We have described several existing methods for the construction of simultaneous confidence bands. Some of which are implemented and readily available in statistical software, and we have provided example code for using them in SAS, Stata and R. Practitioners should use these bands when plotting survival curves as is typically done in the clinical and epidemiological literature. The best performing method in simulations, the likelihood ratio approach, does not have an implementation that we can find, although we provide code for the numerical example. Implementing the general version of this approach is an area of future work for the authors.

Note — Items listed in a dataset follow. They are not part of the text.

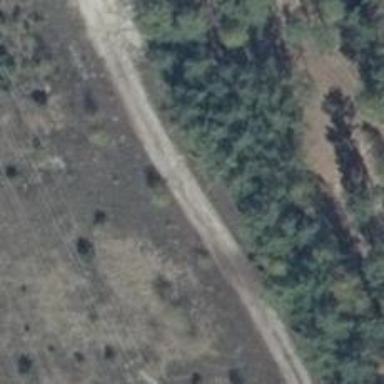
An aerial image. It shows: Sandy track with grade5 tracktype.
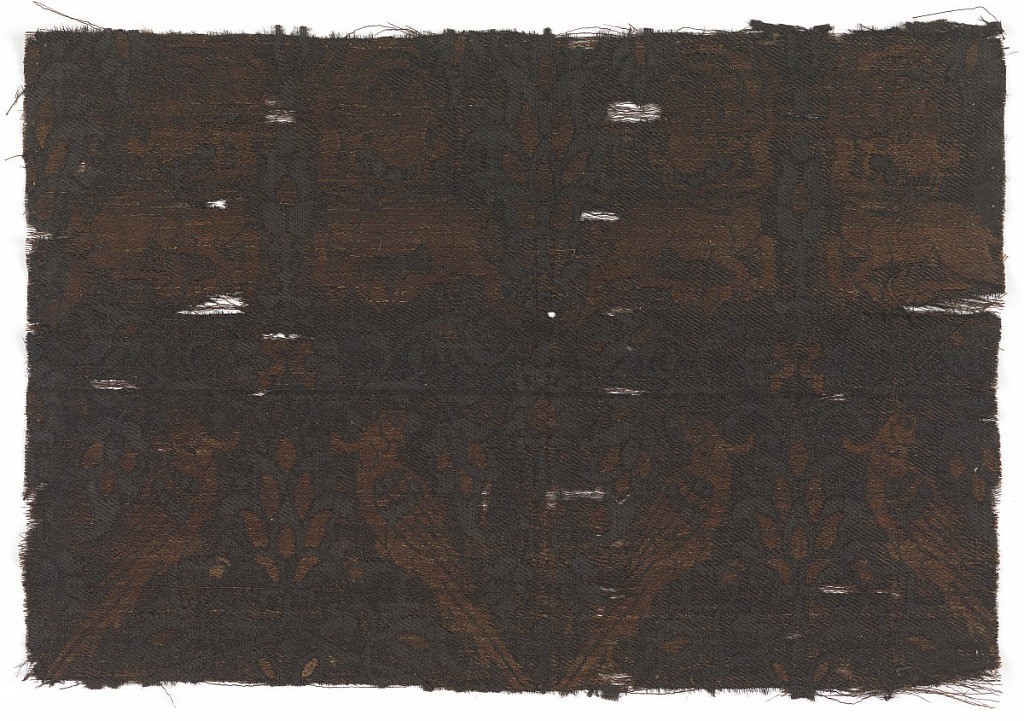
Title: Fragment
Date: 13th or 14th century
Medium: silk and metallic Technique: twill weave
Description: Paired parrots and horned quadrupeds against a background of verdant foliage. Entire piece has been dyed black although it was probable that it was originally in several colors.
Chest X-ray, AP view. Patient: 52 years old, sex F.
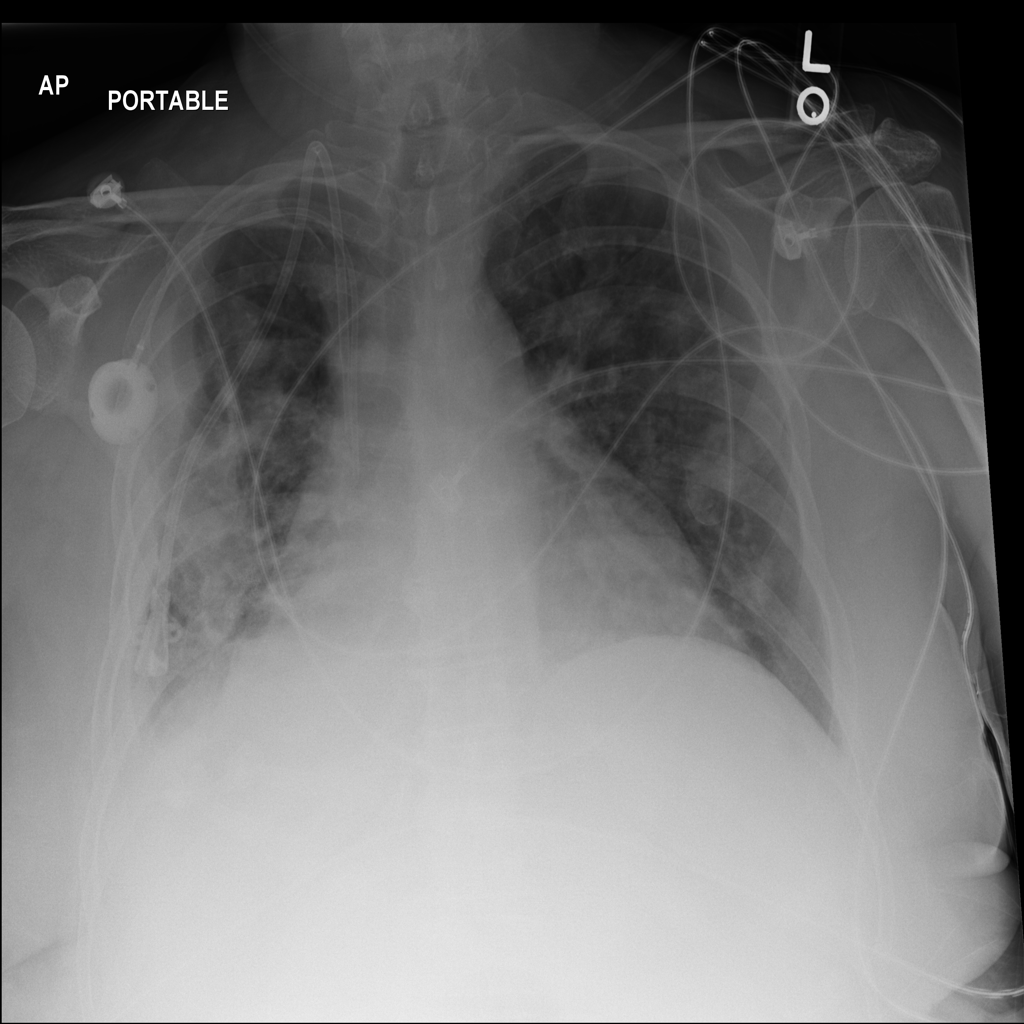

Similar ideas can be and have been applied to derive confidence bands for other functions in survival analysis, for example, the cumulative coefficients from the additive hazards model [22], cumulative hazards, cumulative incidence curves in the competing risks setting, differences of survival curves [23], and ratios of survival curves [24]. The asymptotic theory for the Breslow estimator of the baseline hazard function in a Cox model would permit the construction of simultaneous confidence bands for the estimated survival curve at a fixed set of covariate values or “adjusted” survival curves standardised over a covariate distribution [25]. A user-friendly, general-purpose implementation for computation of such bands is warranted based on our review, as in practice, connecting the dots of pointwise intervals remains standard practice.